第19章 019

摇曳的烛光渐渐微弱,烛泪顺着烛身缓缓淌落,几乎燃烧殆尽。

唐乔婉的声音轻柔而舒缓,细细讲述着往昔岁月。

她娓娓道来,说起一家人在丰梁村度过的悠悠时光。

“我十三岁之前住在村里,院后有片自家的麦田,”她垂着眼,睫毛在眼下投出浅淡的影,“每到麦熟季,爹娘带着我和姐姐去割麦,我有时偷懒往麦垛里钻,被爹揪出来时,满脸都是麦芒。邻里婶子们会互相帮衬,谁家先割完,就去别家搭把手,傍晚坐在晒谷场上,分着吃婶子烙的麦饼,甜得能沾住牙,如今想来真是怀念。”

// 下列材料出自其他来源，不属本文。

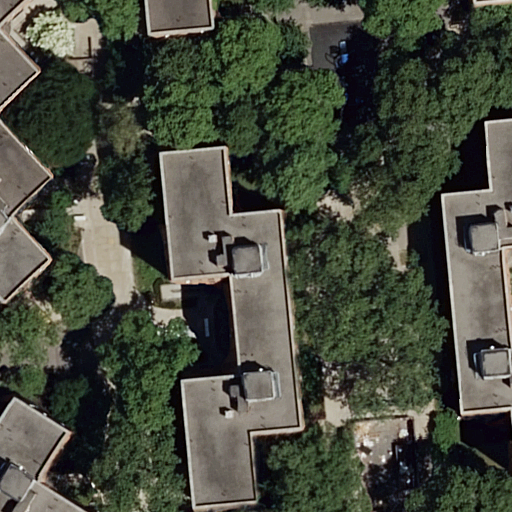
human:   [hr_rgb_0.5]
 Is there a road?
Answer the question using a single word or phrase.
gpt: yes

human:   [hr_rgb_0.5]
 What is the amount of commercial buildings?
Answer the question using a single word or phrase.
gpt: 0

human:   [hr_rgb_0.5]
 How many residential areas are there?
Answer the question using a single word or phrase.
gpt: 1

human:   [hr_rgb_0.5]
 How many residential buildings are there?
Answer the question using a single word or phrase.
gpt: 6

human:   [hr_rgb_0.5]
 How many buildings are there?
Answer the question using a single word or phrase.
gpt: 6

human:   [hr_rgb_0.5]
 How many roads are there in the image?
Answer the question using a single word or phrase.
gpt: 4

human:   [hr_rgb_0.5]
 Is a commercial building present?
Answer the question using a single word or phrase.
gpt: no

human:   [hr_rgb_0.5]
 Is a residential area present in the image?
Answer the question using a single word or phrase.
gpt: yes

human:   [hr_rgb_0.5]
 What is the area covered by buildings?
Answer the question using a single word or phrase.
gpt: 4580m2

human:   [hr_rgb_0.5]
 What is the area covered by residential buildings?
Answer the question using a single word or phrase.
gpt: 4580m2

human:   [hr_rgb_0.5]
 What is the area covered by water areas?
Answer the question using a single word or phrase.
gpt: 0m2

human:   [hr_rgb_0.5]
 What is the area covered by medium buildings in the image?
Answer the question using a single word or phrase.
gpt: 0m2

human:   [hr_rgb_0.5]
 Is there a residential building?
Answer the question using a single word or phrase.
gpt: yes

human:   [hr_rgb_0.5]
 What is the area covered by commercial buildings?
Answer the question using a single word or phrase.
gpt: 0m2

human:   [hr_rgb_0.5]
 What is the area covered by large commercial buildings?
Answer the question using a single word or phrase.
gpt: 0m2

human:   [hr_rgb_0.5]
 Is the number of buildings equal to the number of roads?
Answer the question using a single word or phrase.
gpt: no

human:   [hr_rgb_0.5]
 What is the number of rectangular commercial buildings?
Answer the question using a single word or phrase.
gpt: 0

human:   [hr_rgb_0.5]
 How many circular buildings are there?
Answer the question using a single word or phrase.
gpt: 0

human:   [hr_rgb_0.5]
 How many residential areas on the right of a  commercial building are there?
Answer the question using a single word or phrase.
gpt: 0

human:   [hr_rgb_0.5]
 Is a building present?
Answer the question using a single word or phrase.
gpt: yes

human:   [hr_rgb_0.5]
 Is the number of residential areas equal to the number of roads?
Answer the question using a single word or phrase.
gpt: no

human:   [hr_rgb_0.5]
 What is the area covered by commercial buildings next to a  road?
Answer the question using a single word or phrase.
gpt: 0m2

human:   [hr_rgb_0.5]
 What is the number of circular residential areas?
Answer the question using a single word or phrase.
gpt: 0

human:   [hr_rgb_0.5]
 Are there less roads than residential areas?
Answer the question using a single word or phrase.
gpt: no

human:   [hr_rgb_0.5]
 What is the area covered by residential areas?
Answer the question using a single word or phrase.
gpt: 10607m2

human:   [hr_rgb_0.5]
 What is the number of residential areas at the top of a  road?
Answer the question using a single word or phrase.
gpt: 0

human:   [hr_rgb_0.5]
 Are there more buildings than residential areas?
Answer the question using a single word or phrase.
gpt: yes

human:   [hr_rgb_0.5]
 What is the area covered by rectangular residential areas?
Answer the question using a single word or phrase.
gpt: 10607m2

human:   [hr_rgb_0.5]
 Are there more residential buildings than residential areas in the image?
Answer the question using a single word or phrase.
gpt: yes

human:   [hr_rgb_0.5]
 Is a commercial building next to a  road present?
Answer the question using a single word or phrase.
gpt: no

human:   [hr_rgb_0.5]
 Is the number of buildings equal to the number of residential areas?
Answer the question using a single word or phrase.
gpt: no

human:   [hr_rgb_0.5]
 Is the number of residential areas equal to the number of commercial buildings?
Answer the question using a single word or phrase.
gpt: no

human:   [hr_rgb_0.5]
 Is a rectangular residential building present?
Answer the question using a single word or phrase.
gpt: yes

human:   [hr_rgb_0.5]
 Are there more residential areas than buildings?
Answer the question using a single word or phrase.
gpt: no

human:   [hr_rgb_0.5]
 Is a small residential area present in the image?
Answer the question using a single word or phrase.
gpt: no

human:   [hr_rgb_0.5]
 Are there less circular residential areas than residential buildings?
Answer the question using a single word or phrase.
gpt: yes

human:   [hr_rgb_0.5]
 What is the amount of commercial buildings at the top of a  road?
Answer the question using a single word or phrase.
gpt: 0

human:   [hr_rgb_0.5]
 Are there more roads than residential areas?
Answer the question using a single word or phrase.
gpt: yes

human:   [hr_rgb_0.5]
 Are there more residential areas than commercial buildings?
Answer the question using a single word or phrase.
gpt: yes

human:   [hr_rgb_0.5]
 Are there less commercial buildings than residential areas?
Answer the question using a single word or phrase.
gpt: yes

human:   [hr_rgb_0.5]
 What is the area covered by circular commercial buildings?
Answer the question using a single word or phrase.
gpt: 0m2

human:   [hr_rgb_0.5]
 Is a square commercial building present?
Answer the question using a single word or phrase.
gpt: no

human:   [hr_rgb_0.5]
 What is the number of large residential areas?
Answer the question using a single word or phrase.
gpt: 1

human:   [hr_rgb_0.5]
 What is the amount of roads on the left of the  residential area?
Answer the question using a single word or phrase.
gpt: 0

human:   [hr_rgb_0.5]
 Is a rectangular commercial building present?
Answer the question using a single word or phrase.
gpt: no

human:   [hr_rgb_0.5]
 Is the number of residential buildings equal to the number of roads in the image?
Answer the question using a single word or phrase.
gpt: no

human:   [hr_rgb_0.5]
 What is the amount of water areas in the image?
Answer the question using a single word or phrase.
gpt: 0

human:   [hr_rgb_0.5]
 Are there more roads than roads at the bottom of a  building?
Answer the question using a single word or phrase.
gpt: no

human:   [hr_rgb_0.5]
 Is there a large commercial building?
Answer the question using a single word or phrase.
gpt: no

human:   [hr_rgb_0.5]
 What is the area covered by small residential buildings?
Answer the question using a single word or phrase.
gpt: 97m2

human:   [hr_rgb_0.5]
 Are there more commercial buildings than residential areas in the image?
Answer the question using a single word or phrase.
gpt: no

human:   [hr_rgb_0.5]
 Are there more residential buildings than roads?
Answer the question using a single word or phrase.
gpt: yes

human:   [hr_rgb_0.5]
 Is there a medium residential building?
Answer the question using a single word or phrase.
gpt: no

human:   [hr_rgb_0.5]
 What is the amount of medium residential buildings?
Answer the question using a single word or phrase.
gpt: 0

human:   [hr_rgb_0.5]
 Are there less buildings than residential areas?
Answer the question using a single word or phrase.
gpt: no

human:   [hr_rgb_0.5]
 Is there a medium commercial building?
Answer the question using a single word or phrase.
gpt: no

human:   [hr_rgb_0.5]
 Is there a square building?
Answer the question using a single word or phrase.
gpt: no

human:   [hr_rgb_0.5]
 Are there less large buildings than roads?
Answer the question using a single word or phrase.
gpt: no

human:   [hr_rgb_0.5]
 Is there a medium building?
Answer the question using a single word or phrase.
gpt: no

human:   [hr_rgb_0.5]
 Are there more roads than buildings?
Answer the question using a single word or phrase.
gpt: no

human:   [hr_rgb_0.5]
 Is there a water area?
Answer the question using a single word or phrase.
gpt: no

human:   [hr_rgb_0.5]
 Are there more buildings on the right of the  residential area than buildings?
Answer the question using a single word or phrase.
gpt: no

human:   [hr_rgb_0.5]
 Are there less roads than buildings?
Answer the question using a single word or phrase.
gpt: yes

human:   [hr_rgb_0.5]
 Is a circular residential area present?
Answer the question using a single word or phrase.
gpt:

又谈到后来举家迁至镇上,生活虽有了些变化,却依旧充满着温馨。

父母对姐弟二人总是宽容又赞许,虽然对她比较严苛,却也爱护。

“后来爹在镇上开了家小木匠铺,娘就坐在铺子后屋绣活。姐姐手巧,跟着娘学绣,最爱绣白鹤,翅膀上的羽毛都绣的和真的一样。我那时皮,总偷拿她的绣线缠在手腕上,姐姐从不恼,只会笑着帮我解,还把剩下的线头编成小玩意儿给我。”

她讲起姐姐的温柔似水,总是能及时给她关怀。

又说起姐弟二人从小到大的趣事,现在提及总觉得羞耻又好笑。

“现在想起来,”她轻轻叹口气,指尖捏了捏衣角,“那时的日子慢,连烦恼都是轻的。哪像现在,总觉得脚不沾地,连回头想的空都没有。”

如今的她,与曾经的唐乔婉相比,早已判若两人。

回忆起从前身为小女儿时的模样,那份纯真与烂漫,仿佛已在岁月中渐行渐远,让人徒生怀念。

她沉浸在回忆里,虽是以唐正清的视角叙述,可言语间难掩对过往的深切眷恋。

说着说着,整个人的神情都变得柔和温软起来,仿佛穿越时光的隧道,又回到了那座熟悉的家乡小院。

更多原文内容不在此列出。